I'm exactly the same. Feels like I'm being paranoid, but I'd rather be safe than sorry. Tbh as an introvert, being in a bit of solitude appeals to me anyway.
 
IBD alone can lower your immune system as your body is fighting itself with the condition. I think the general consensus is play it safe if you have any form of IBD regardless of medication. Up the hand washing and avoid gatherings or known ill people. The general guidance at the moment pretty much.
 
Anyone looking into whether we should cut back on any immunosuppressant drugs in case

I know AZA takes a while to get going but just wondering if anyone has thought about it
 
Anyone looking into whether we should cut back on any immunosuppressant drugs in case

I know AZA takes a while to get going but just wondering if anyone has thought about it

I wouldn’t do anything without talking to your care team first. Last thing you want is a flare up due to cutting back your meds and end up in a worse situation.
 
Boys been on Amjevita(I think) pen injections things for a few weeks. Dont think his immune system is suppressed yet going by the last load of bloods. The hospital didnt seem particularly worried, though he is 12 and in a pretty low risk category for Corona.
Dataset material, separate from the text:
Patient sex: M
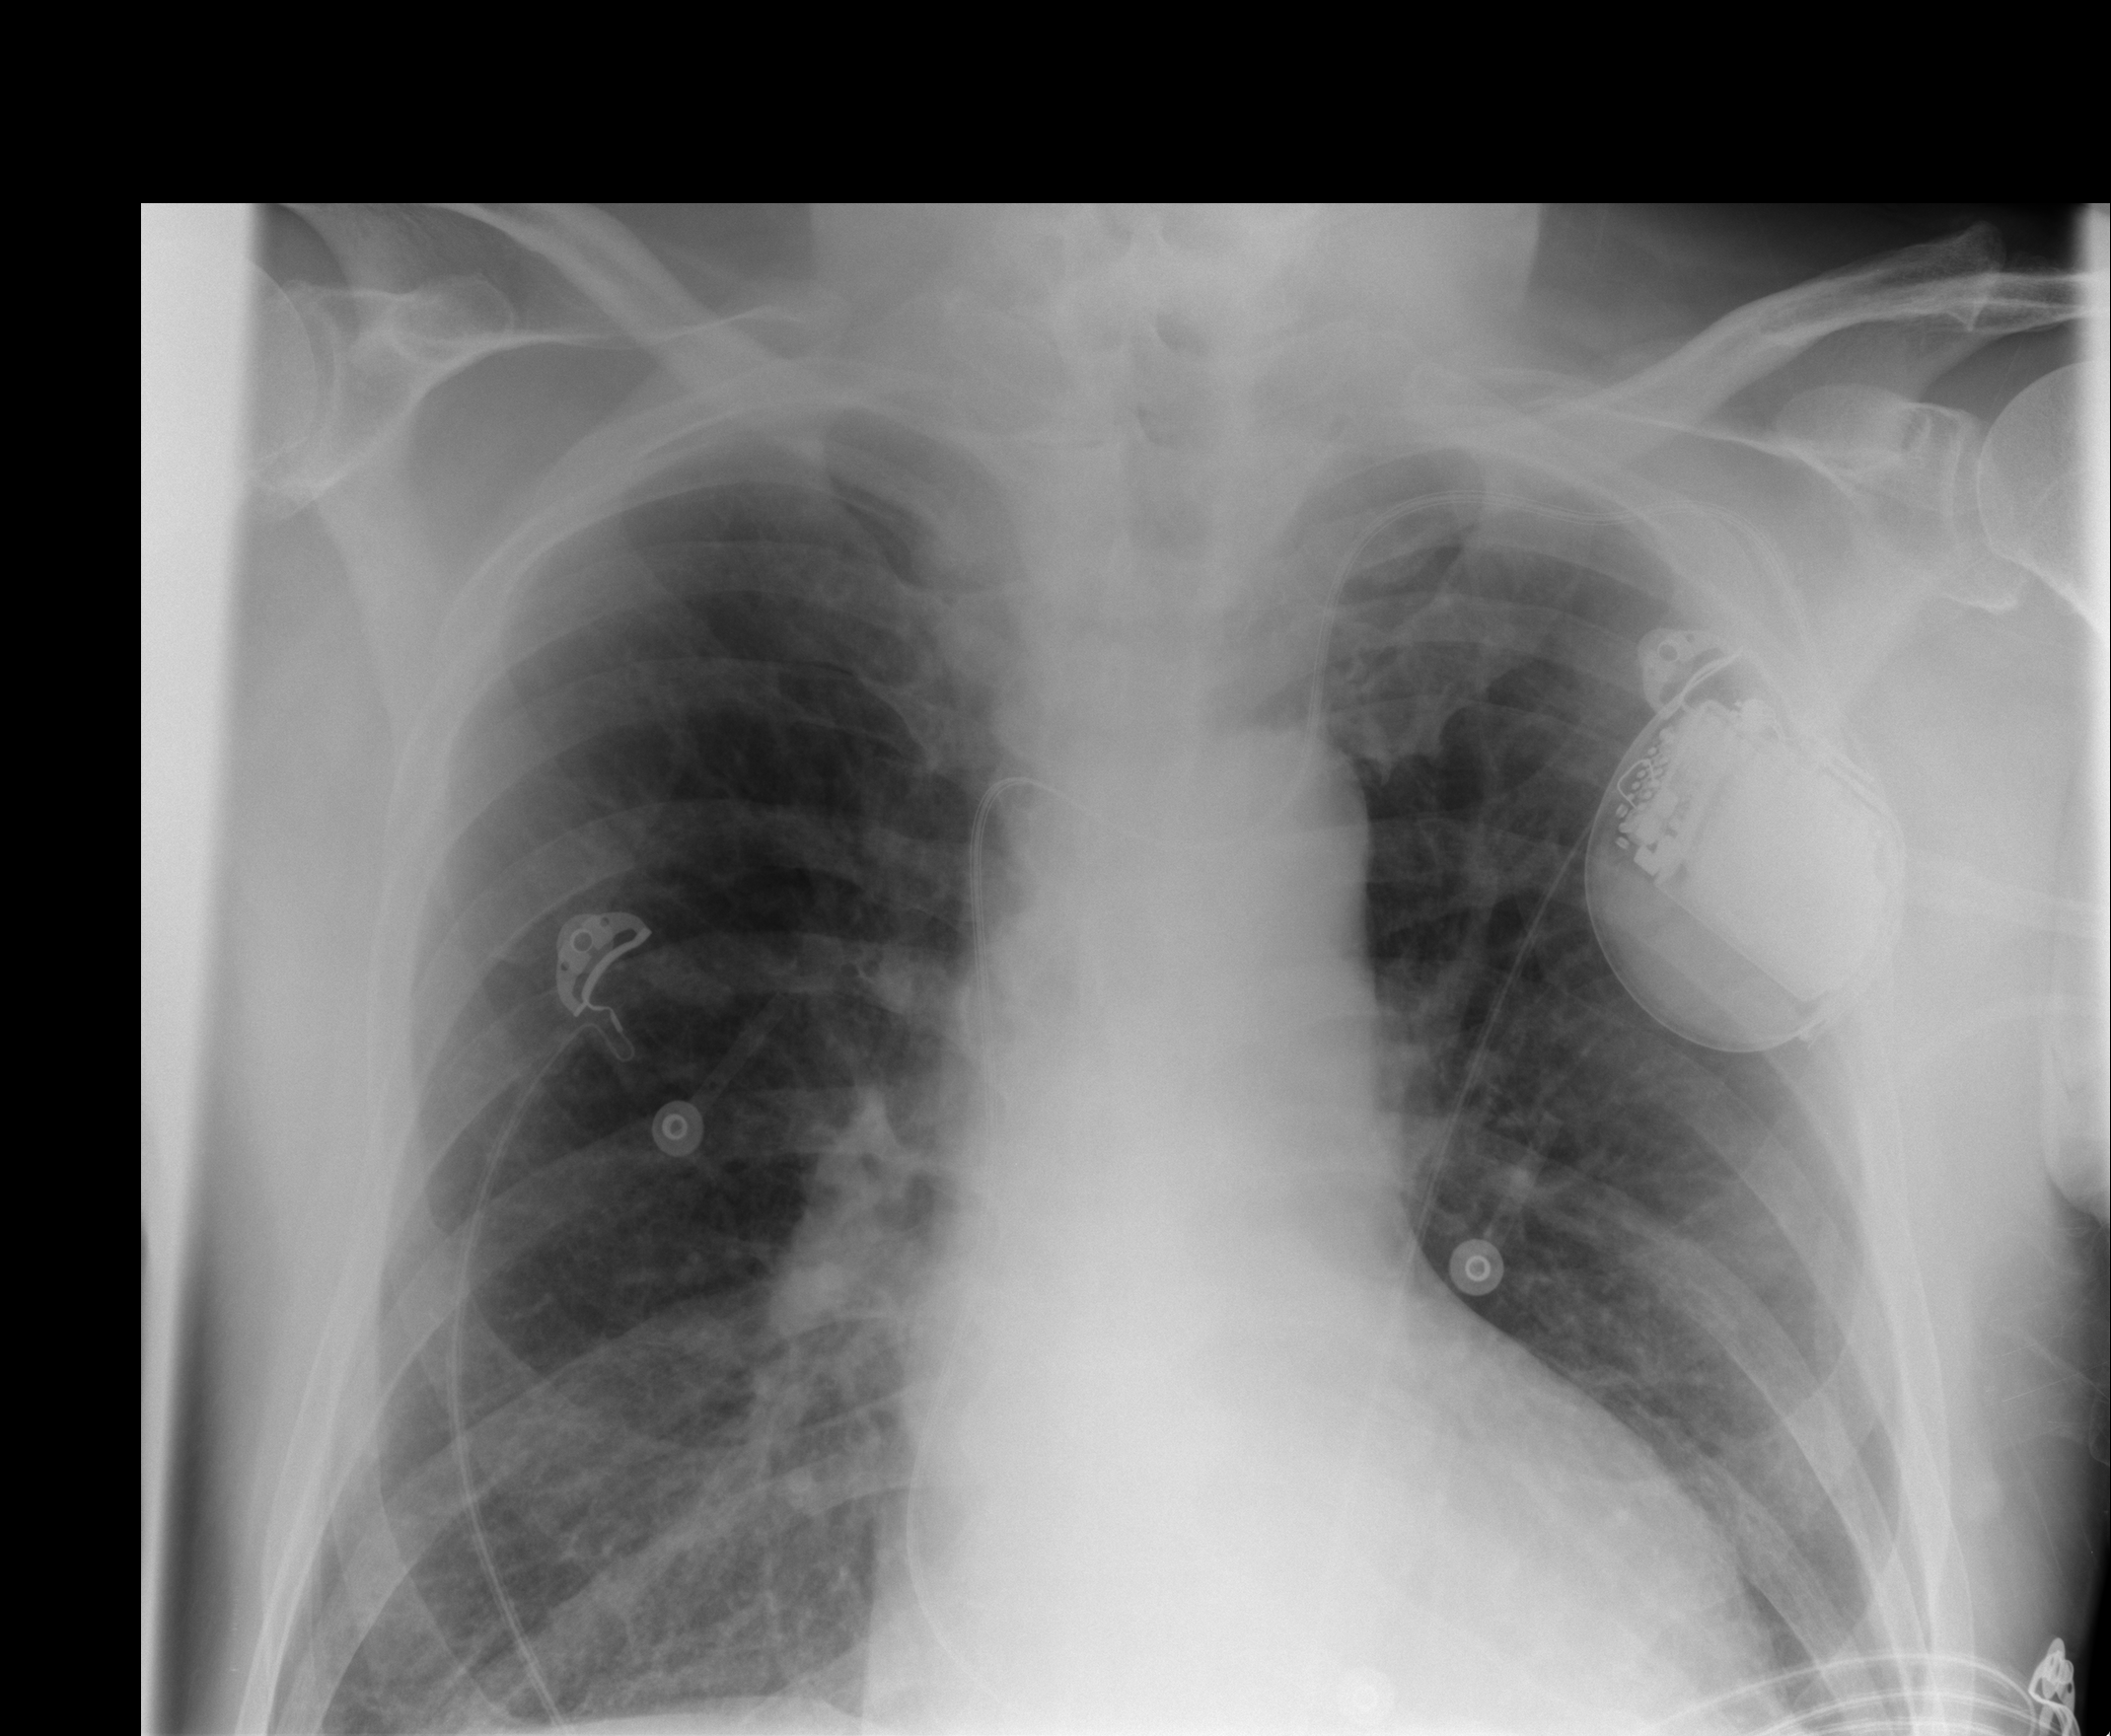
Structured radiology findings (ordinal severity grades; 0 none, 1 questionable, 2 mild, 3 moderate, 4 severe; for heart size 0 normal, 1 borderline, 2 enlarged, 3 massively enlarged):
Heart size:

Still a worry of course. :(
 
Anyone looking into whether we should cut back on any immunosuppressant drugs in case

I know AZA takes a while to get going but just wondering if anyone has thought about it

This wouldn't be something we can discuss, it would break forum rules and could get the thread closed.

Speak to your consultant or care team.
 
Anyone looking into whether we should cut back on any immunosuppressant drugs in case

I know AZA takes a while to get going but just wondering if anyone has thought about it

There is a link with some advice above - general advice is basically stay on them/follow advice of doctors... (you don't want a flare up when hospitals are already overrun)

the risk factors with this new virus seems to be things like heart disease, respiratory issues, diabetes and cancer... the various articles I've seen don't mention IBD, obvs we know we've got a slightly lower immune system when taking various meds for IBD.